Ask Your Question

Revision history [back]

click to hide/show revision 1
initial version

As I could see in the output of fdb/show what was happening was that the switch was learning the wrong port number for mac addresses of virtual machines connected to it.

I have now found out why.

We have two interfaces on the host, connected to different switches. They are bonded, in active passive. So packets get only send out on one, and whatever traffic comes in on the standby link is ignored. That works.

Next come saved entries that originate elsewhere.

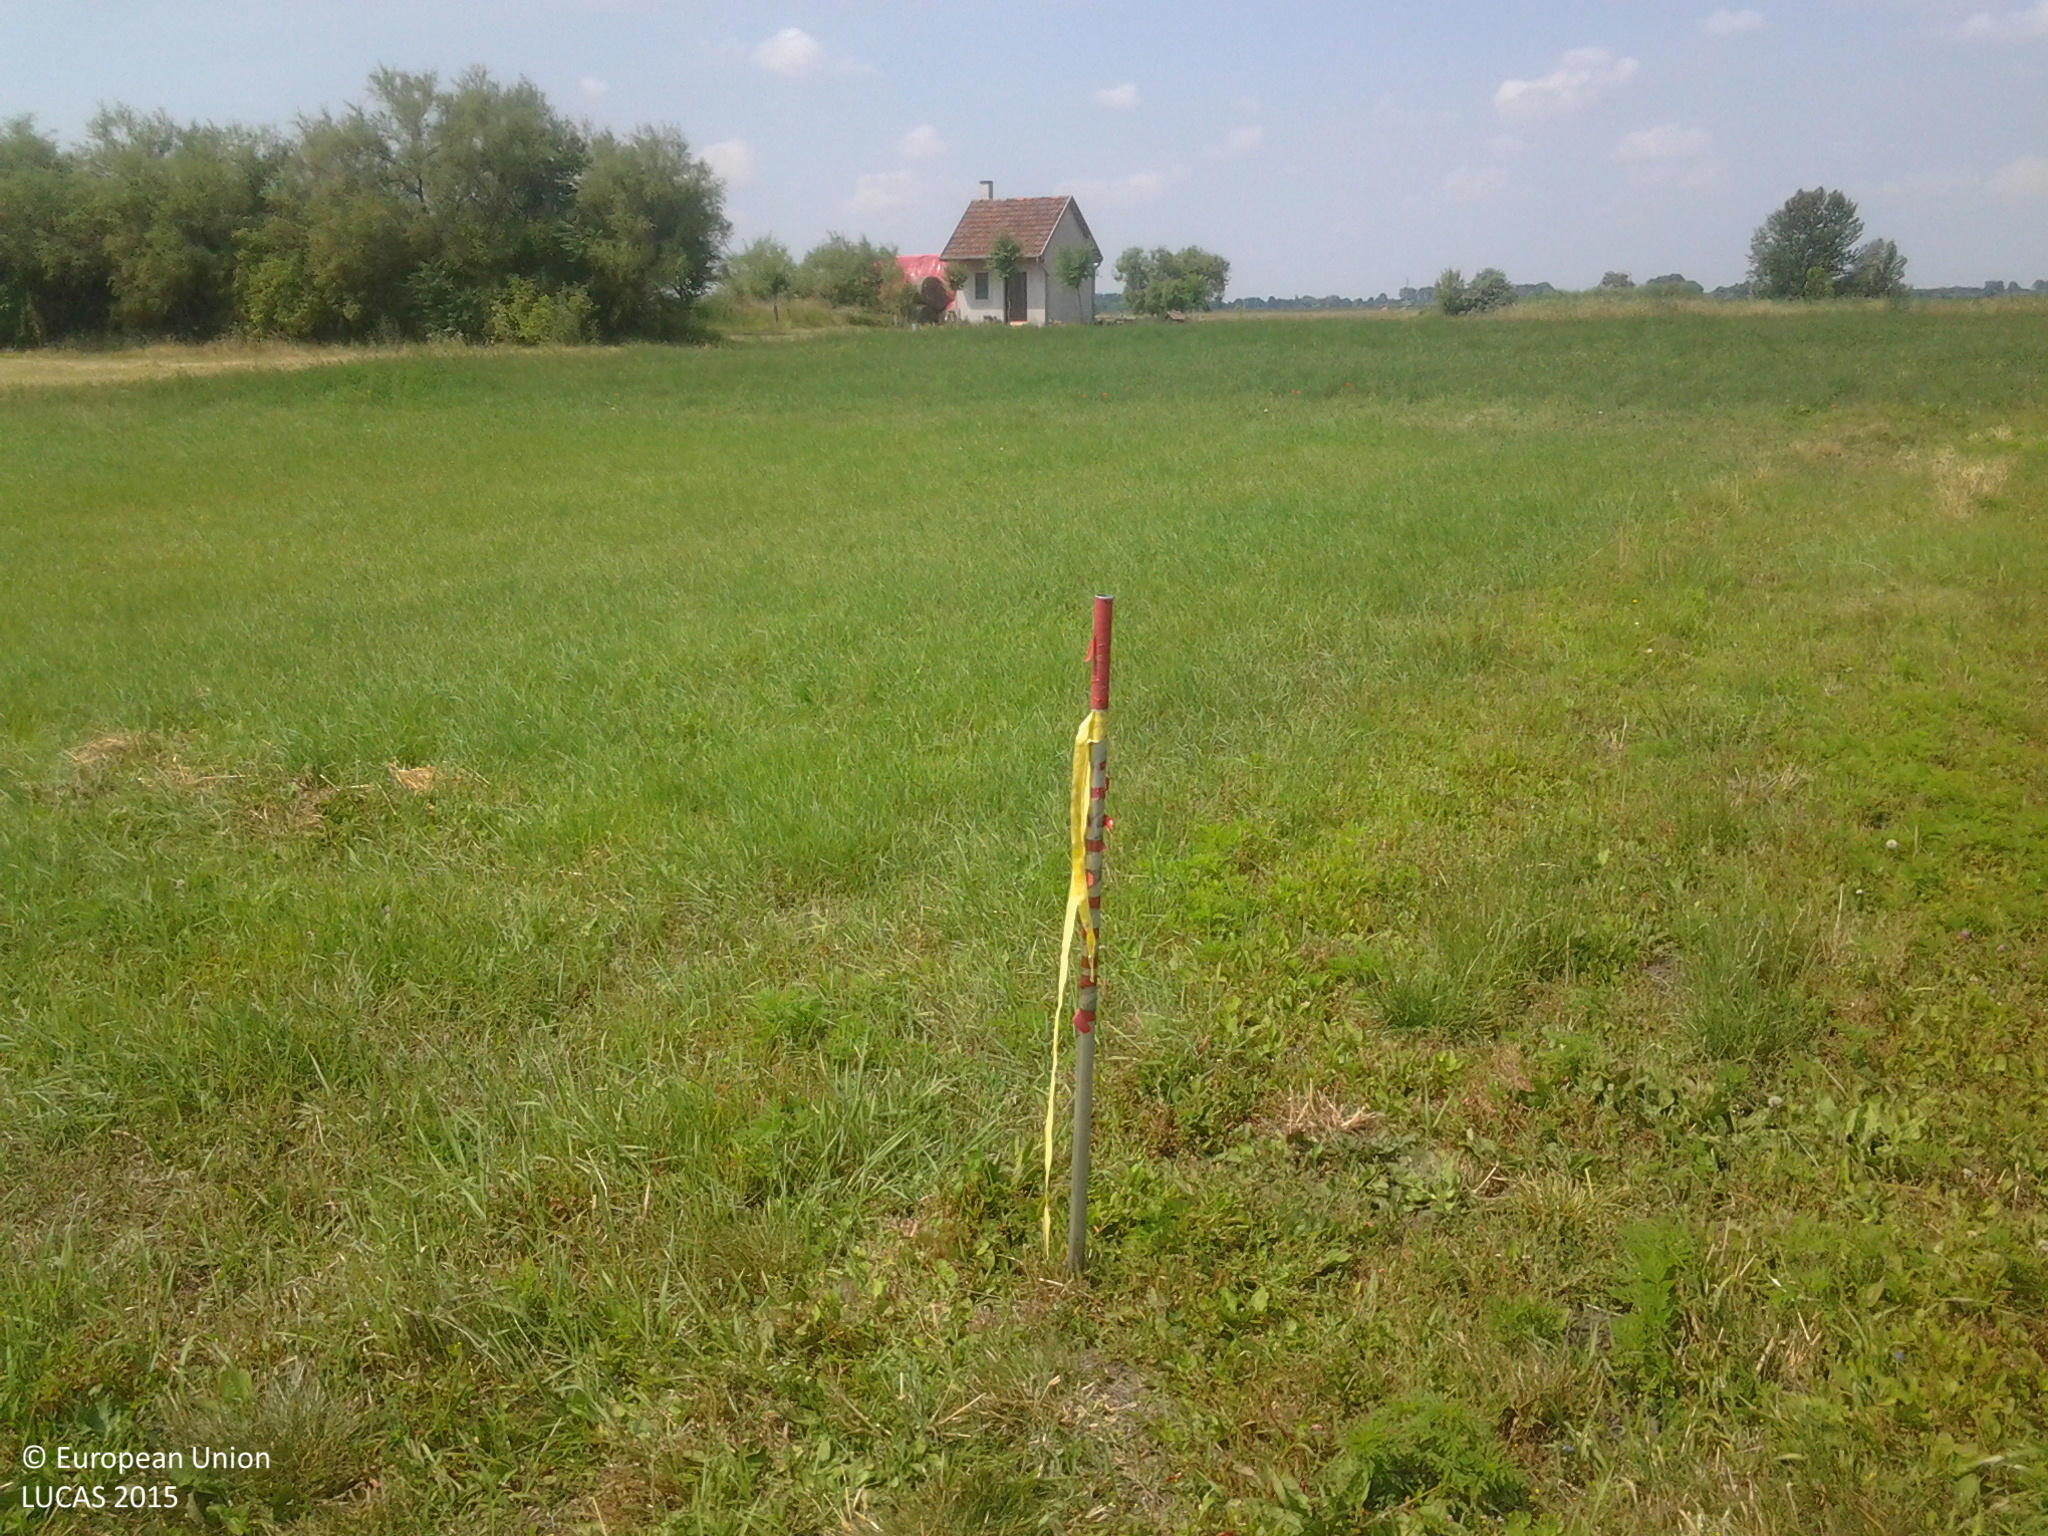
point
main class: Grassland
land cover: Grassland without tree/shrub cover
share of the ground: > 75 %
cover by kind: herbaceous plants 100 %
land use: Agriculture (excluding fallow land and kitchen gardens)
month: June
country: HU
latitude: 46.7631
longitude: 19.2738

Now when a VM tries to connect to another host it will send out a an arp packet, which eventually gets send out over the active link of the bonded pair, but because switches will flood broadcast traffic over all their ports it will be received again on the standby link. I always asumed that it would there just get dropped. But ovswitch puts both the interface in promiscuous mode. And there was the root of our problem. This ignores that they are bonded.

So server AAA wants to contact BBB, and sends out an "who has x.x.x.x, tell y.y.y.y" arp packet, with source AAA and destination FFF.

Ovswitch first sees this packet on port 8, and enters "8 AAA" in it's mac table. The packets is flooded out all ports. Via port 1 it ends up on our switch, which floods it out all its ports, and then via the second switch this packet again arrives back on port 1 of the ovswitch, which then changes "8 AAA" in to "1 AAA". And this messes up everything...

I disabled one of the links in the bonded pair and the problem went away. But this is just a workaround.

I will have to do this differently. I'm thinking along the lines of moving the bonding in to the ovswitch. But this requires a reconfiguration of the network, and I therefore need to first enable an out of band connection to it.